BEGIN

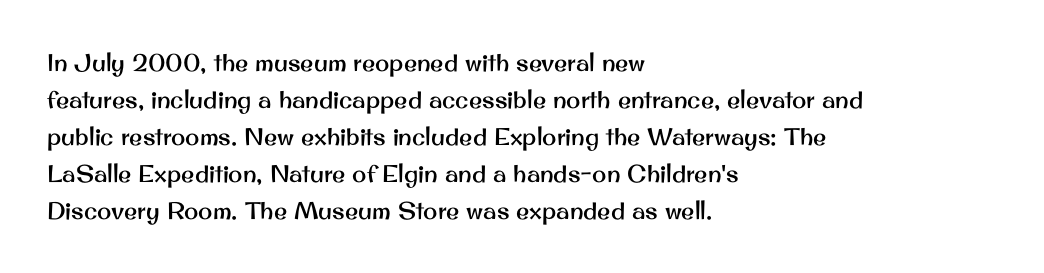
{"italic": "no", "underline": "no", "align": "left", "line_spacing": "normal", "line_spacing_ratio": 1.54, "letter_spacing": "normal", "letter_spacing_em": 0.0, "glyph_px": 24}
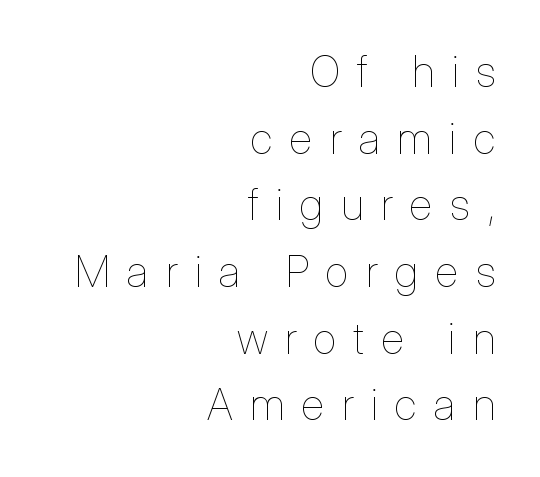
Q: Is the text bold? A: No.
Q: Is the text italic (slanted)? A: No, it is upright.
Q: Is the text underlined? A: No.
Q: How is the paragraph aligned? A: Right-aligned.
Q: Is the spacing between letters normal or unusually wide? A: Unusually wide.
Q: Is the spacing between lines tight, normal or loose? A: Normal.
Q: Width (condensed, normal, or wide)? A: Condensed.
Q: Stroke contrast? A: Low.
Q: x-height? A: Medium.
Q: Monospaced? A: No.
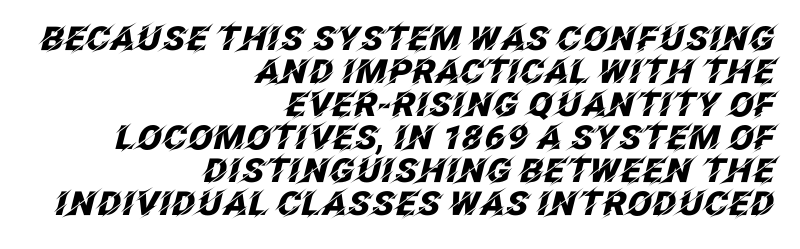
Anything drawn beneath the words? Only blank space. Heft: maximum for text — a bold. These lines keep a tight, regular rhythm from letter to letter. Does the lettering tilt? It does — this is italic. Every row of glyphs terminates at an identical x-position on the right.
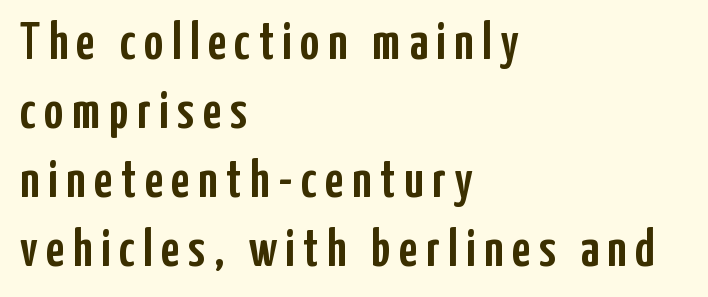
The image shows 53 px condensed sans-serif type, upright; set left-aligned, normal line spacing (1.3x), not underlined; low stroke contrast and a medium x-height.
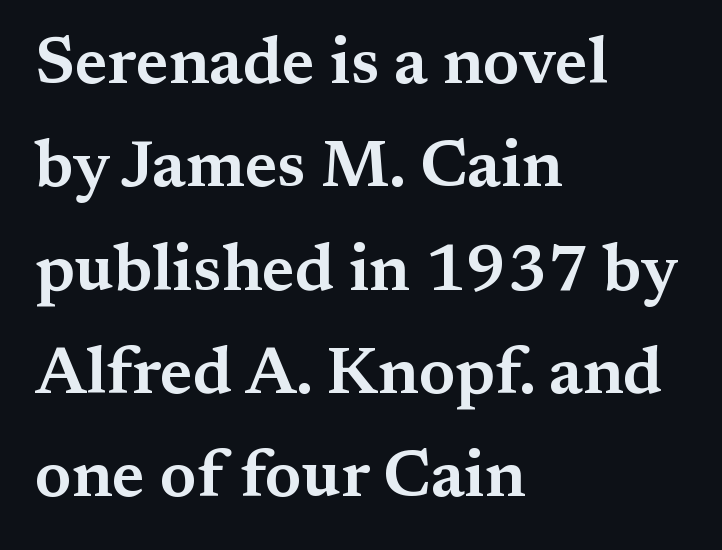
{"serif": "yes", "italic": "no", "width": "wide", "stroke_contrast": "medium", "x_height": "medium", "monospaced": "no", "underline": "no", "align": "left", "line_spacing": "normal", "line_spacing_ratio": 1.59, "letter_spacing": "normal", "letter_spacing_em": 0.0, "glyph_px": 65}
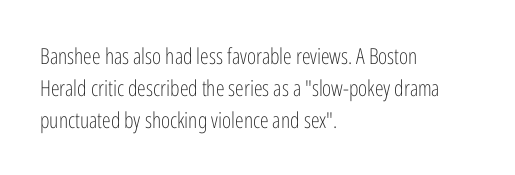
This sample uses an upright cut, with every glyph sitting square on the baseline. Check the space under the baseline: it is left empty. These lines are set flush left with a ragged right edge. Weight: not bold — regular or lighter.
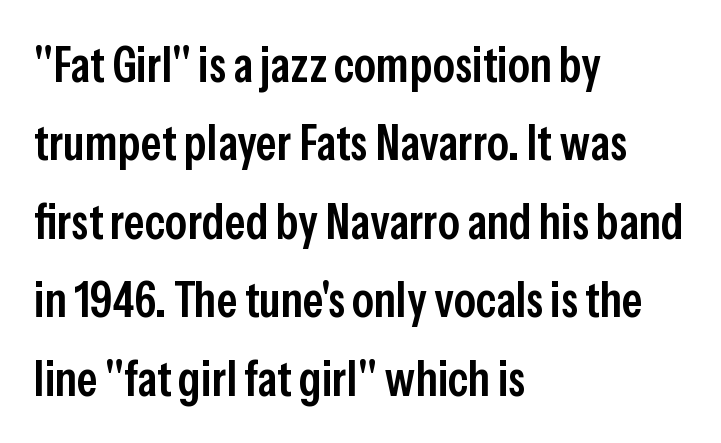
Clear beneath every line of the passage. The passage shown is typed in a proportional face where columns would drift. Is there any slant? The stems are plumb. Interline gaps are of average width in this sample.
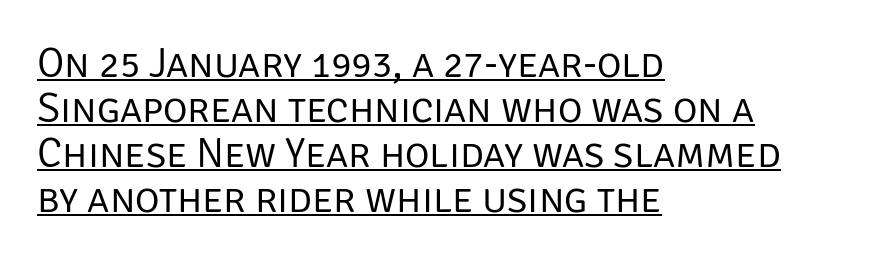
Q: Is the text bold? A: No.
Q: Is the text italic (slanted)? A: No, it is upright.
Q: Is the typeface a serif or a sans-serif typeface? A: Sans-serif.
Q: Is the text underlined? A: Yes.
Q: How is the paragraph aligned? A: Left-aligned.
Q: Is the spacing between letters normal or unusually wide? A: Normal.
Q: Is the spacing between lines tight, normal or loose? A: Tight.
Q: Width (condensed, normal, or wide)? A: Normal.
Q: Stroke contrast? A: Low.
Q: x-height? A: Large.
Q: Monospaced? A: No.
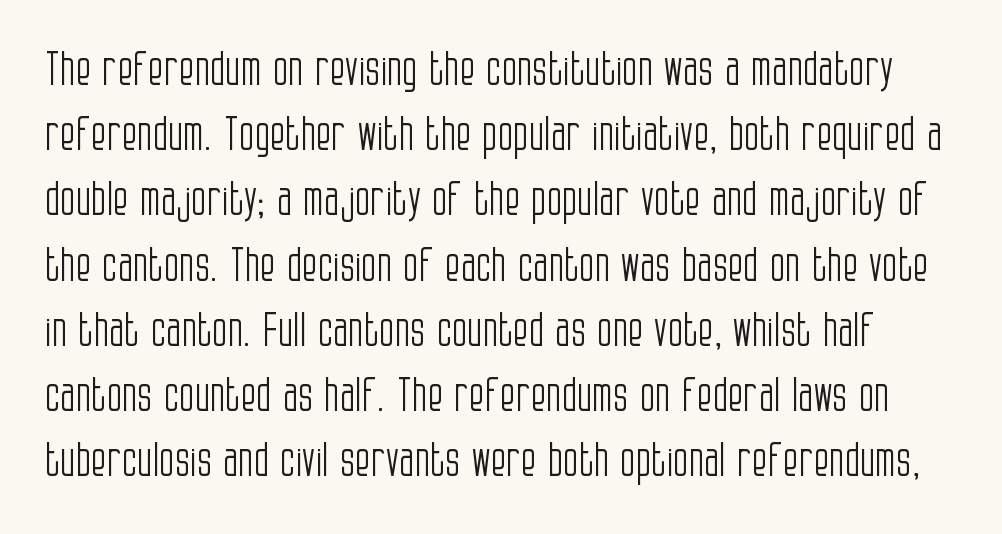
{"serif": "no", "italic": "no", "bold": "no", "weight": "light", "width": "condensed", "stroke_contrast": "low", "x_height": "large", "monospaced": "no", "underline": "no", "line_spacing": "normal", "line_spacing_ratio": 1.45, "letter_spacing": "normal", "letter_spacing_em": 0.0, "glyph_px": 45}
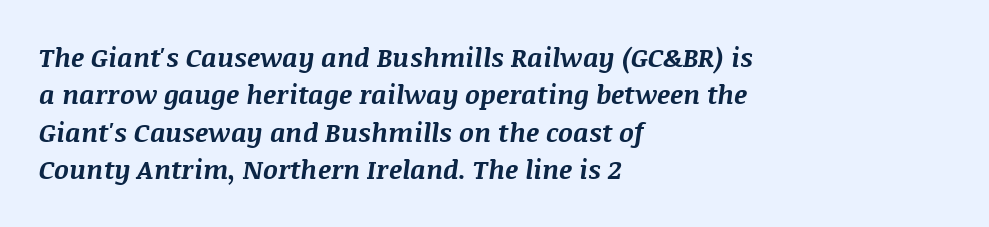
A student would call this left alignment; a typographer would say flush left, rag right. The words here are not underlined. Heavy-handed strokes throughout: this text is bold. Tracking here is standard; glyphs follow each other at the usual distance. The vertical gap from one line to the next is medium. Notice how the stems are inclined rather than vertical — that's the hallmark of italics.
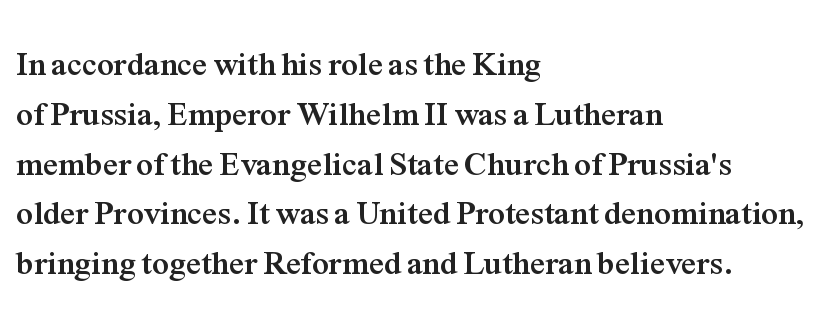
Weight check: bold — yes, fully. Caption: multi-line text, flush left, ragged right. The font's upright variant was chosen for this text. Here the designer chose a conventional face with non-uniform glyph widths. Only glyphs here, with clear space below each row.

END
BEGIN

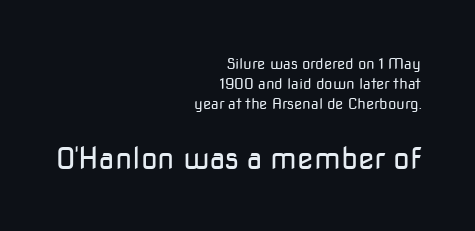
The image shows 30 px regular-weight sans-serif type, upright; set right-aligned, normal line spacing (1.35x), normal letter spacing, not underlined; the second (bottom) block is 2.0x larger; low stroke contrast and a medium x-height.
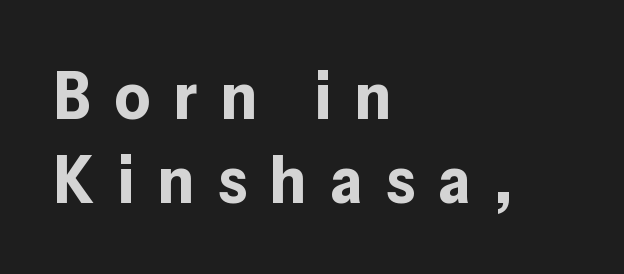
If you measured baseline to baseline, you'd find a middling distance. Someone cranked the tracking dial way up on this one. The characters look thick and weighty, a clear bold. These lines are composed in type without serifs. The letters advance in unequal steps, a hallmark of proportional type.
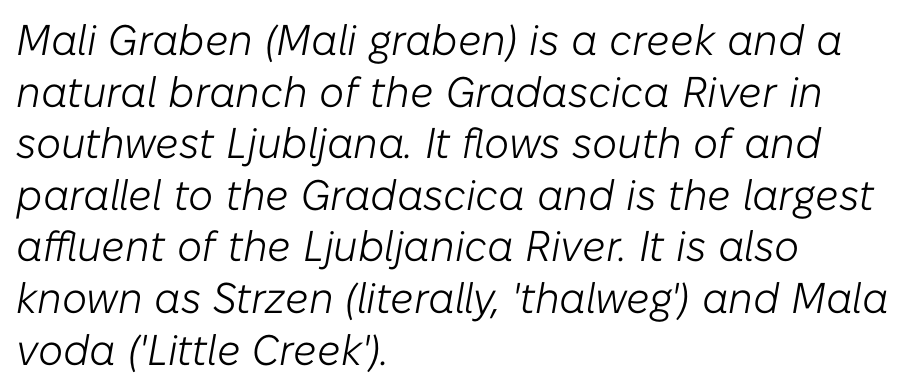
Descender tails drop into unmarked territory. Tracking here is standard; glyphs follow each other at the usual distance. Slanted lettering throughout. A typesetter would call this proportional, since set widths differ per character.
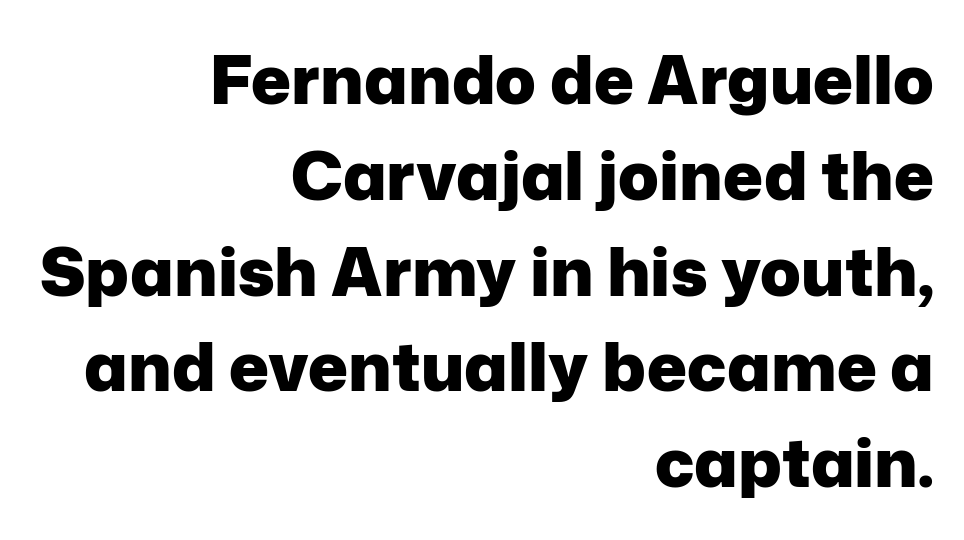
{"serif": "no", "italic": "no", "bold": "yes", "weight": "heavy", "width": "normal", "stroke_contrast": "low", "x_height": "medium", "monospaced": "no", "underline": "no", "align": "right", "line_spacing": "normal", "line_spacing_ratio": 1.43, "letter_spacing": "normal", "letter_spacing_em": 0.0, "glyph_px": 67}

END

### Exercise
If a line of the entries holds the word "baseline", copy it out.

### Exercise result
This sample uses an upright cut, with every glyph sitting square on the baseline. Check the space under the baseline: it is left empty. These lines are set flush left with a ragged right edge. Weight: not bold — regular or lighter.
If you measured baseline to baseline, you'd find a middling distance. Someone cranked the tracking dial way up on this one. The characters look thick and weighty, a clear bold. These lines are composed in type without serifs. The letters advance in unequal steps, a hallmark of proportional type.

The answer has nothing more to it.